| What is expected |
Your copy runs from the line containing "It's the straight-up-and-down" through the last line of the listing, both included. Restate those lines word for word and leave out pictures.

*** Recorded information Section Begins ***

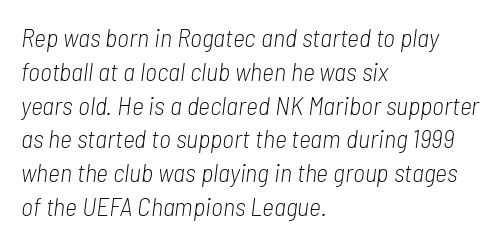
The image shows 26 px text type, italic (leaning right); set left-aligned, normal line spacing (1.3x), normal letter spacing, not underlined.
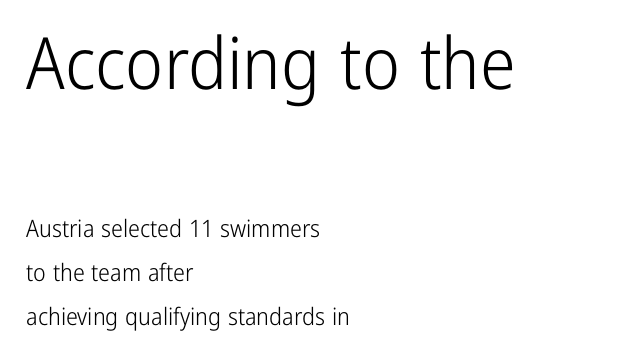
It's the straight-up-and-down kind of type. Words appear dense and cohesive because spacing is normal. Typeset ragged right — the left edge is the straight one. This is not heavy type; no bold has been used. The space directly below the letters is spotless.
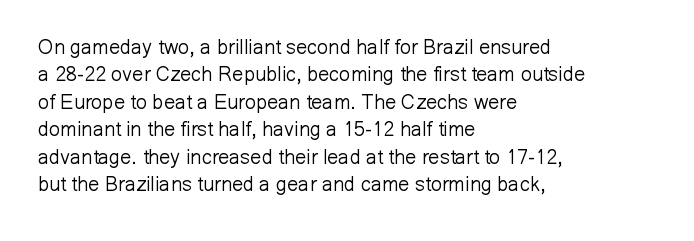
The image shows 20 px text type, upright; set left-aligned, normal line spacing (1.37x), normal letter spacing, not underlined.
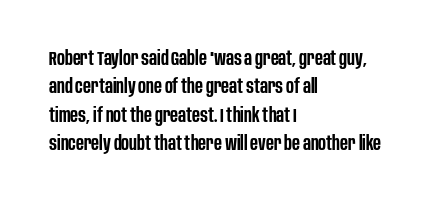
The strokes are fattened partway — semibold, not bold. The typesetter chose a ragged-right arrangement here. The letters sit at their default tracking, neither squeezed nor spread. If you measured baseline to baseline, you'd find a middling distance. The font's upright variant was chosen for this text.

*** Recorded information Section Ends ***

| Answer for this exercise |
It's the straight-up-and-down kind of type. Words appear dense and cohesive because spacing is normal. Typeset ragged right — the left edge is the straight one. This is not heavy type; no bold has been used. The space directly below the letters is spotless.
The image shows 20 px text type, upright; set left-aligned, normal line spacing (1.37x), normal letter spacing, not underlined.
The strokes are fattened partway — semibold, not bold. The typesetter chose a ragged-right arrangement here. The letters sit at their default tracking, neither squeezed nor spread. If you measured baseline to baseline, you'd find a middling distance. The font's upright variant was chosen for this text.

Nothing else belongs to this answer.